On Friday, jurors concluded that Ellen Pao, a former junior partner at Kleiner Perkins Caufield & Byers, was neither discriminated nor retaliated against by the famed venture capital firm when she was passed over for promotions and ultimately fired.
It was a dramatic conclusion to the five-week trial of Pao, who is today the interim CEO of the site Reddit. It’s also the beginning of more discrimination lawsuits in Silicon Valley, say employment attorneys who’ve seen the same patterns across the securities, legal, and medical industries over the years and who believe the smaller, more insular, male-dominated venture industry has just been set on the same path by Pao’s high-profile case.
In fact, they say, both junior employees and their firms can learn a few things from what just happened.
Most importantly, it will never be easy, winning a discrimination claim in court. According to longtime employment attorney Gary Phelan of the East Coast firm Mitchell & Sheahan, cases today tend to feature much more subtle types of discrimination than they did 10 or 20 years ago, meaning there are “no smoking guns” typically but rather “a series of pieces that, put together, may or may not equal discrimination.”

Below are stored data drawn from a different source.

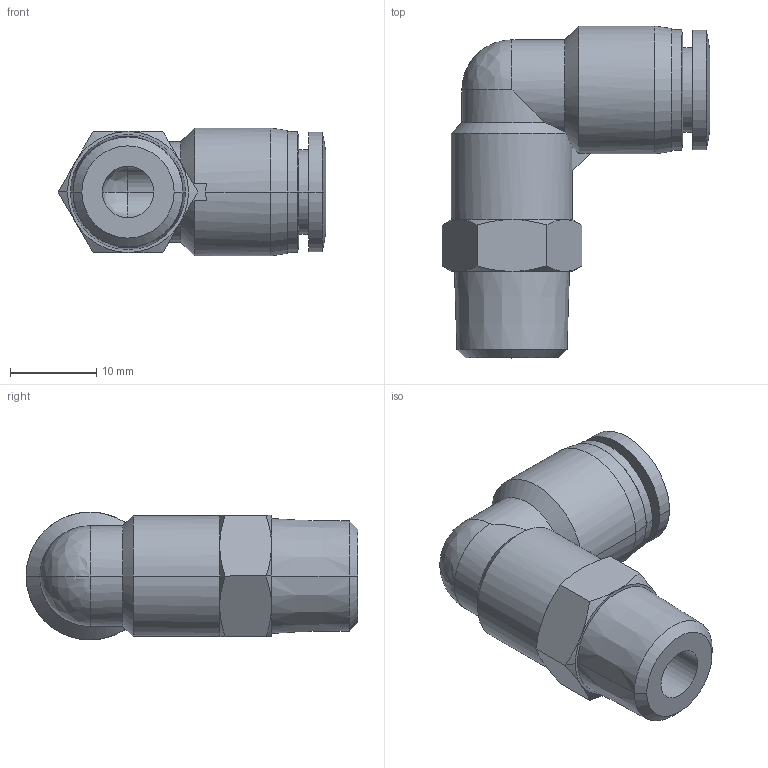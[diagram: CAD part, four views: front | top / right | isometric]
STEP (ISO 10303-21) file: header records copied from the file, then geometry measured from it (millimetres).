
FILE_DESCRIPTION (( 'STEP AP214' ), '1' );
FILE_NAME ('ME8M-14R.step', '2016-02-24T20:40:38', ( '' ), ( '' ), 'SwSTEP 2.0', 'SolidWorks 2015', '' );
FILE_SCHEMA (( 'AUTOMOTIVE_DESIGN' ));
Length unit declared in the file: inch
Products named in the file (1): ME8M-14R
Bounding box: 30.98 x 38.4 x 14.8 mm (x, y, z)
Volume: 5630.7 mm3; surface area: 3790.4 mm2
Topology: 1 solids, 1 shells, 68 faces, 157 edges, 92 vertices
Faces by surface type: cone 27, cylinder 19, plane 16, bspline 4, torus 2
Entity records: 2950 total; most frequent: CARTESIAN_POINT 552, DIRECTION 314, ORIENTED_EDGE 306, EDGE_CURVE 153, AXIS2_PLACEMENT_3D 136, VERTEX_POINT 92, EDGE_LOOP 75, LENGTH_MEASURE_WITH_UNIT 71
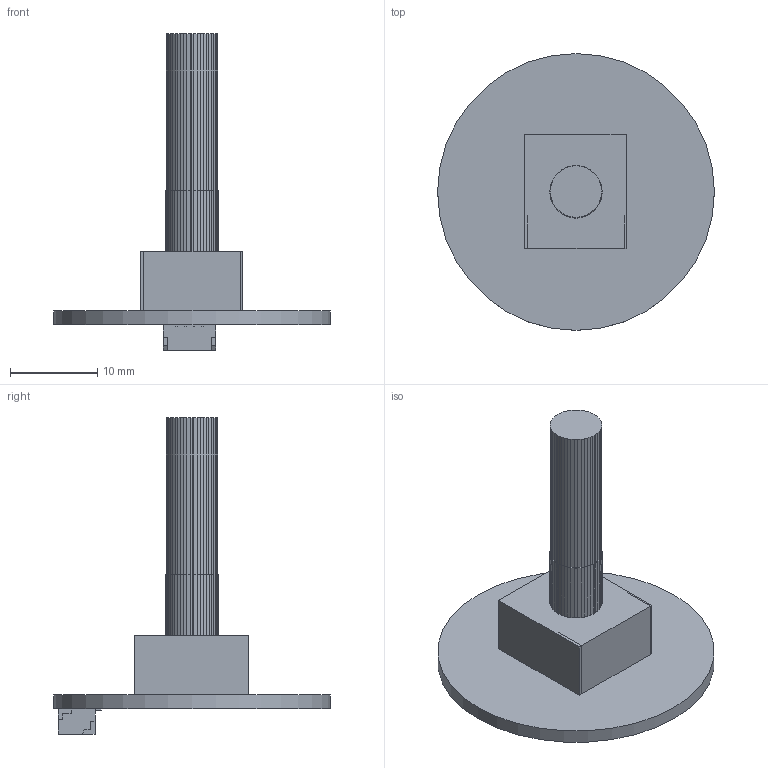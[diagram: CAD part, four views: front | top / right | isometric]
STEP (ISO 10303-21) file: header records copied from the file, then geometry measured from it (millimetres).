
FILE_DESCRIPTION(('Open CASCADE Model'),'2;1');
FILE_NAME('Open CASCADE Shape Model','2022-12-14T16:48:17',('Author'),( 'Open CASCADE'),'Open CASCADE STEP processor 6.8','Open CASCADE 6.8' ,'Unknown');
FILE_SCHEMA(('AUTOMOTIVE_DESIGN { 1 0 10303 214 1 1 1 1 }'));
Length unit declared in the file: millimetre
Products named in the file (12): PCB; Board; Open CASCADE STEP translator 6.8 2.1.1; POT1; 7019494944; Extruded; 6546553856; 7845603728; J1; SM04B-SRSS-TB
Assembly tree (11 placements, depth 4):
  PCB
    Board
      Open CASCADE STEP translator 6.8 2.1.1
    POT1
      7019494944
        Extruded
      6546553856
        Extruded
      7845603728
        Extruded
    J1
      SM04B-SRSS-TB
Bounding box: 31.75 x 31.75 x 36.3 mm (x, y, z)
Volume: 3033.4 mm3; surface area: 3228.5 mm2
Topology: 5 solids, 5 shells, 214 faces, 595 edges, 396 vertices
Faces by surface type: plane 213, cylinder 1
Full cylindrical faces by diameter (mm): 31.75 x1
Entity records: 7583 total; most frequent: CARTESIAN_POINT 1217, ORIENTED_EDGE 1190, DIRECTION 1049, EDGE_CURVE 595, LINE 593, VECTOR 593, VERTEX_POINT 396, AXIS2_PLACEMENT_3D 228

In Pao’s case, the jury concluded that the pieces didn’t add up to a judgment against Kleiner, but that doesn’t mean discrimination based on gender didn’t play any role. “In many trials,” says Phelan, “part of it may be gender, age, race, disability, personality, performance – it’s never clearly one thing or another.” (If it were, it would likely settle before reaching a courtroom.)
Saving up material for a court battle can prove a double-edged sword, too, says Phelan, referring to the 700,000 pages of documents that Kleiner’s defense team accused Pao of having amassed over the years.
While junior partners might be inclined to record even more of their contributions in the wake of the Pao verdict, Phelan warns that clients with “lots of documentation” are “encouraging and scary at the same time. If you have a client who perceives every negative as discrimination and writes down everything, that’s not necessarily a good sign. It’s often someone who may be paranoid or someone who, by documenting everything, is perceived as trying to build a case that otherwise isn’t there.”
That doesn’t mean firms should sit back and relax for now.
Many have probably already taken a harder look at the way their partnership and employee agreements are written and whether, if they are sued, they can send a case to arbitration, where the proceedings are private and legally binding. (The arbitration agreements that Pao had signed related to Kleiner’s agreements with its limited partners, not an employment agreement with the firm. That’s why Pao was able to land the court case she wanted.)
Firms need also think more about their HR practices. “You have people in this industry who say they’re changing the world, and in many ways they are,” says Phelan. But “thinking that you’re dealing with much bigger things than unconscious biases and HR practices — viewing them as a nuisance — tends to work to the disadvantage of females.” (Kleiner’s lack of well-defined HR policies didn’t hurt it in the end; the next firm might not be so lucky.)
Not last, more firms will need to hire more women into their ranks, even if it takes longer than many women might like. “Kleiner won, but it hurt them, and venture firms shouldn’t conclude that they don’t have to worry about this,” says Phelan.
“Change is always incremental” but lawsuits have slowly begun to transform numerous industries over the years, including Phelan’s own. (According to the research organization Catalyst, women accounted for 22 percent of law firm partners in 2013, up from roughly 13 percent in 1995.) He says “there will be more” lawsuits that target venture firms, as well. “Once something like this case gets so much attention, people start to wake up and pursue their rights.”
Longtime employment attorney Cliff Palefsky of McGuinn, Hillsman & Palefsky in San Francisco agrees. The Pao lawsuit “has had unfortunate effect on a lot of people, including Ellen and Kleiner’s privacy and dignity,” he says. “But in terms of the debate it has created and its focus on the subtle forms of discriminations that absolutely go a long way in explaining the dearth of women in technology and venture capital, a social purpose has been served by it.”
One public lawsuit “will do more to change the environment than 100 cases that land in arbitration,” Palefsky adds.